═════ Listed records ═════

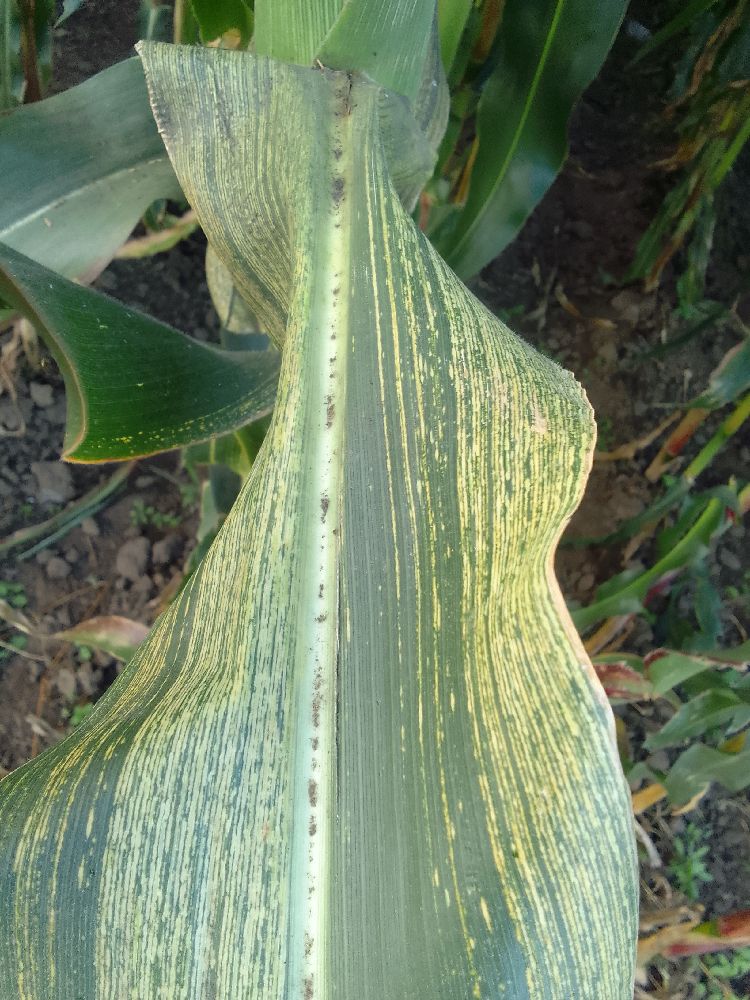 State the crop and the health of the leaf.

maize, maize streak virus
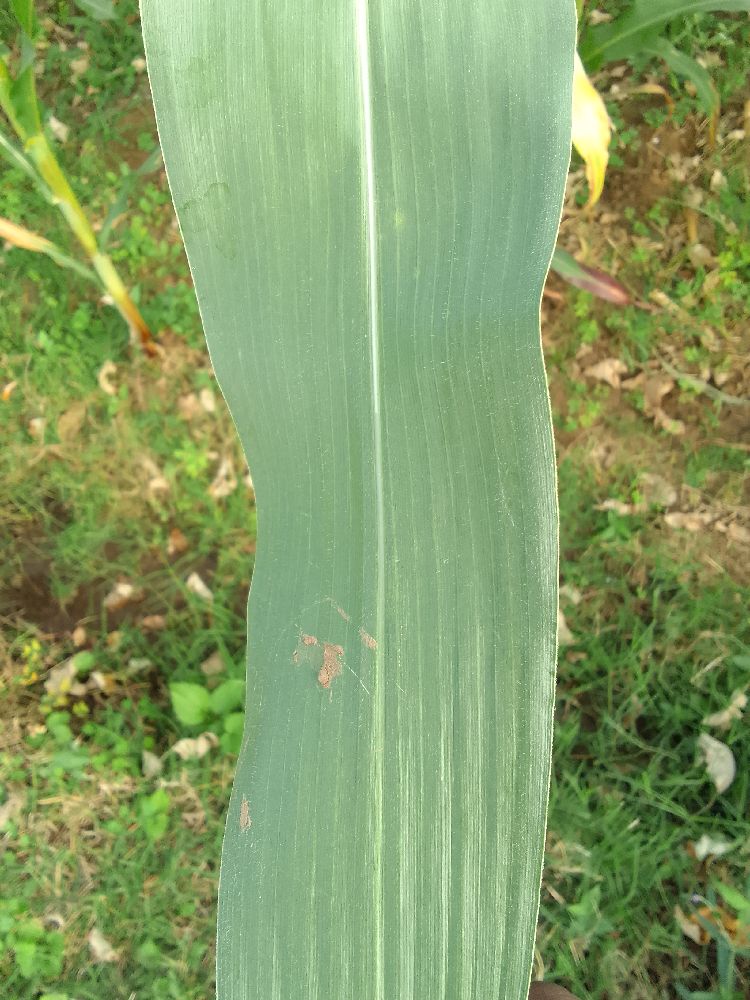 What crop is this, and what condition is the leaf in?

maize, healthy
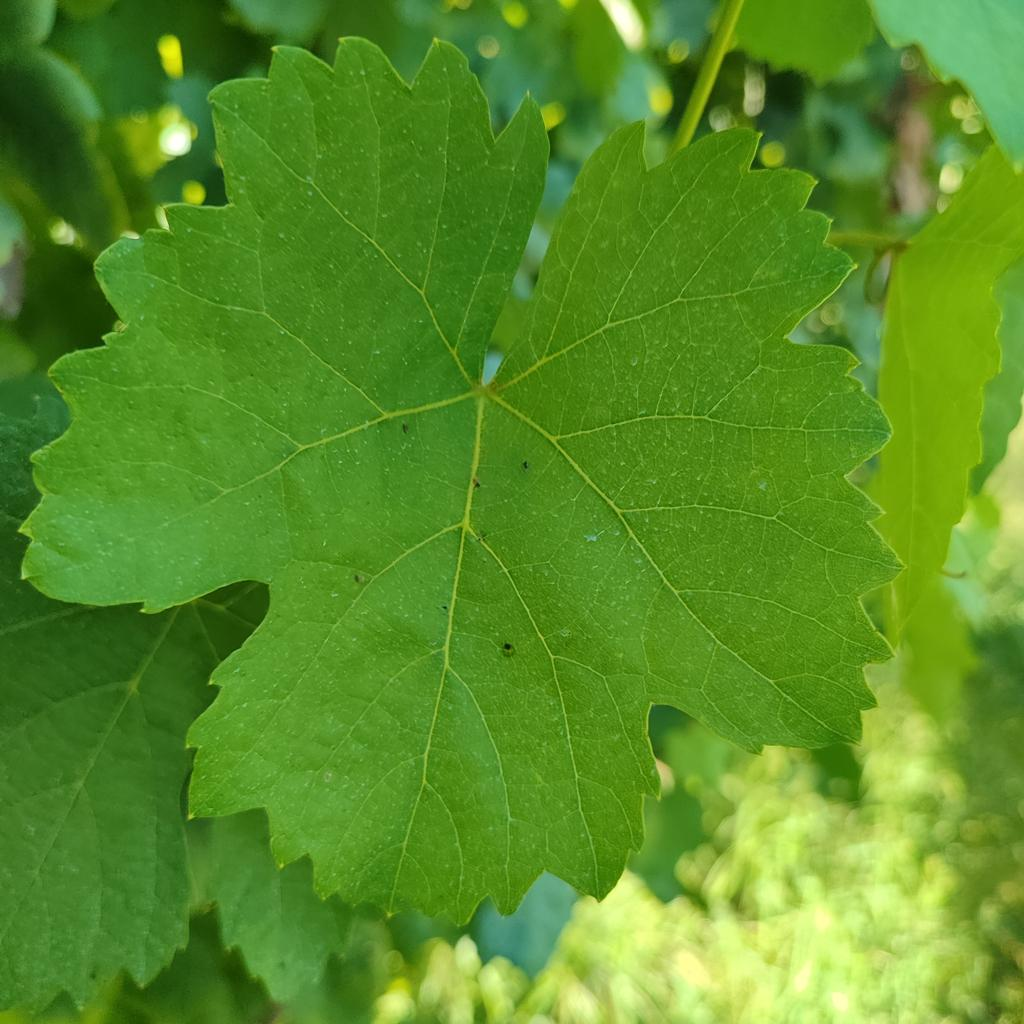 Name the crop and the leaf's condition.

grapevine, healthy
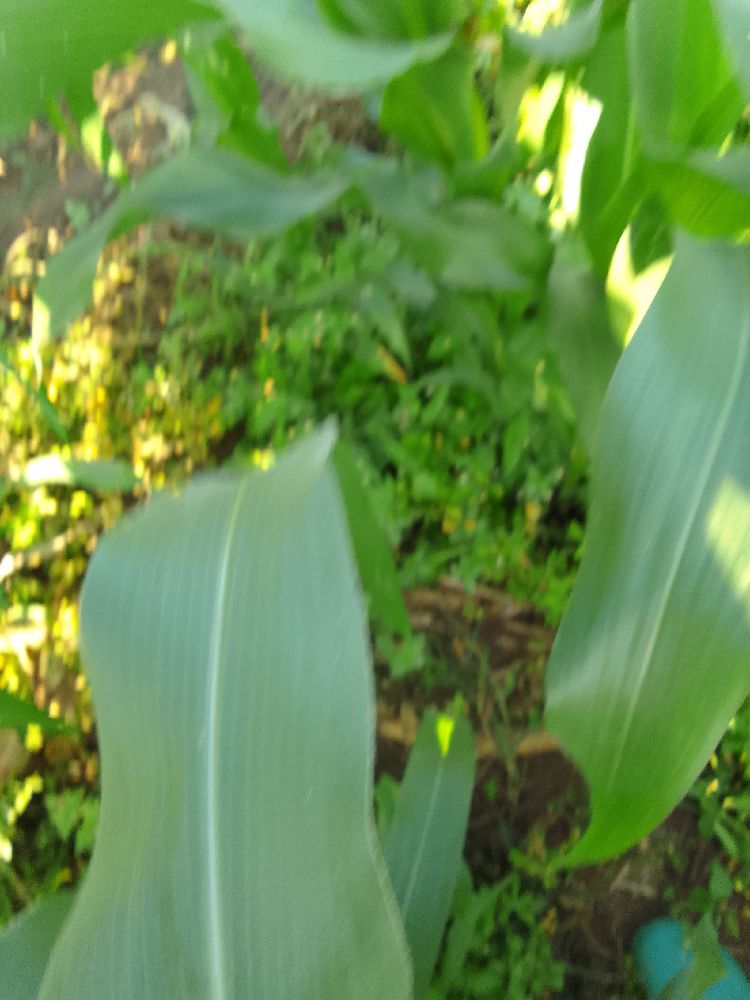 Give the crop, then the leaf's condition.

maize, healthy
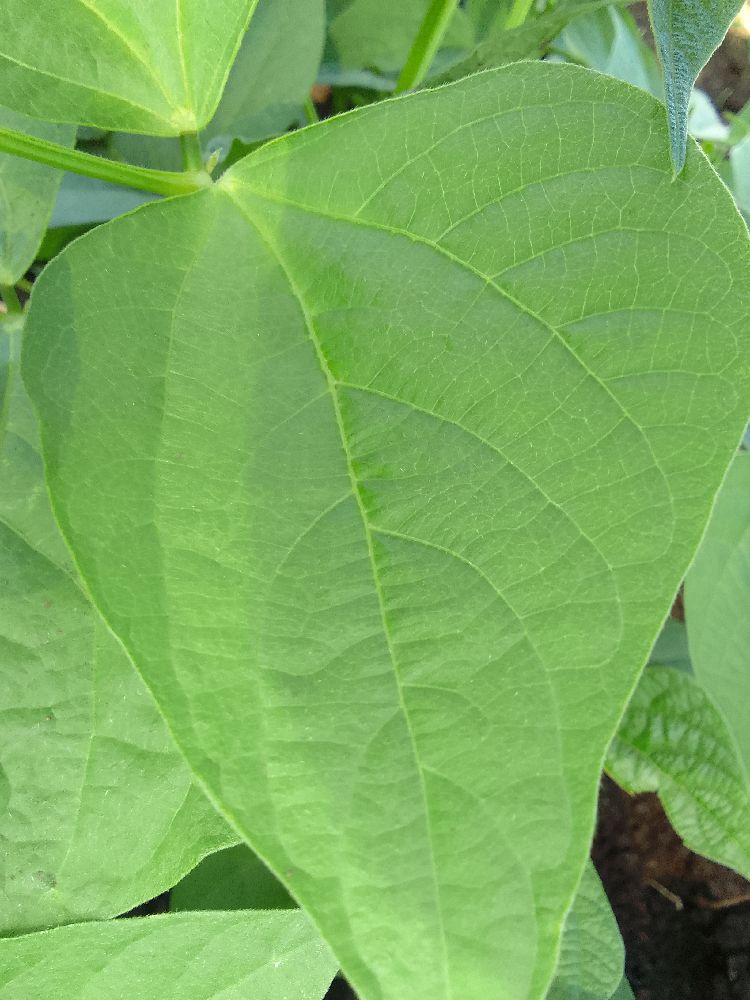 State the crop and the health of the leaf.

common bean, healthy
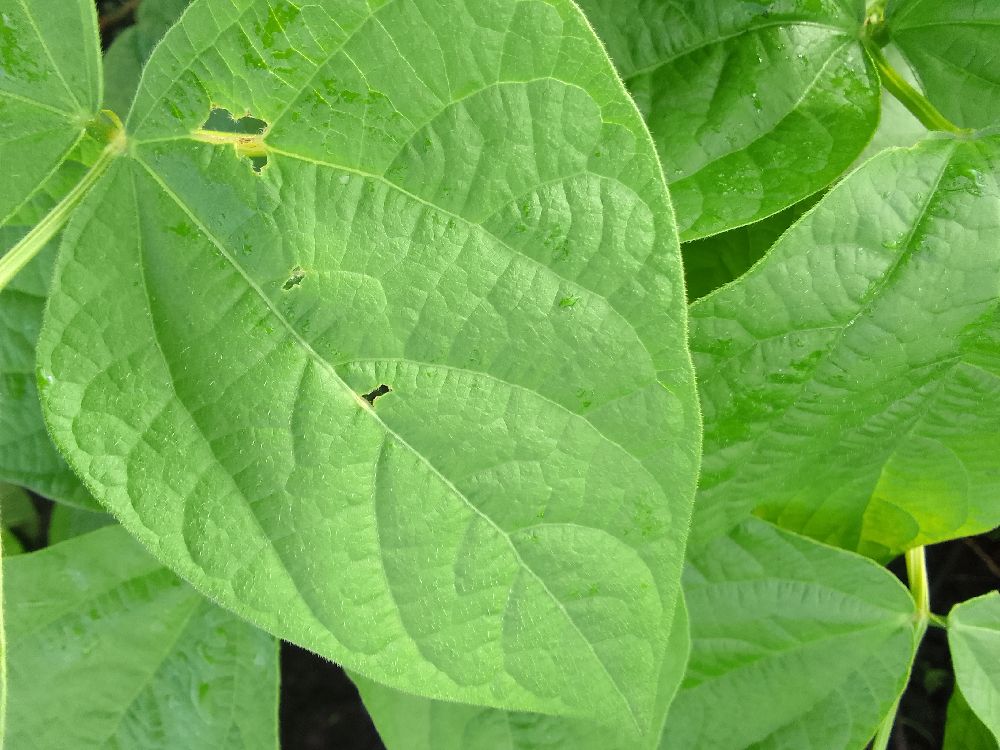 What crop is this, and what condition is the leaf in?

common bean, healthy

═════

Required action: When you return the listing, keep each line exact and leave the pictures out.

Answer box:
 State the crop and the health of the leaf.

maize, maize streak virus
 What crop is this, and what condition is the leaf in?

maize, healthy
 Name the crop and the leaf's condition.

grapevine, healthy
 Give the crop, then the leaf's condition.

maize, healthy
 State the crop and the health of the leaf.

common bean, healthy
 What crop is this, and what condition is the leaf in?

common bean, healthy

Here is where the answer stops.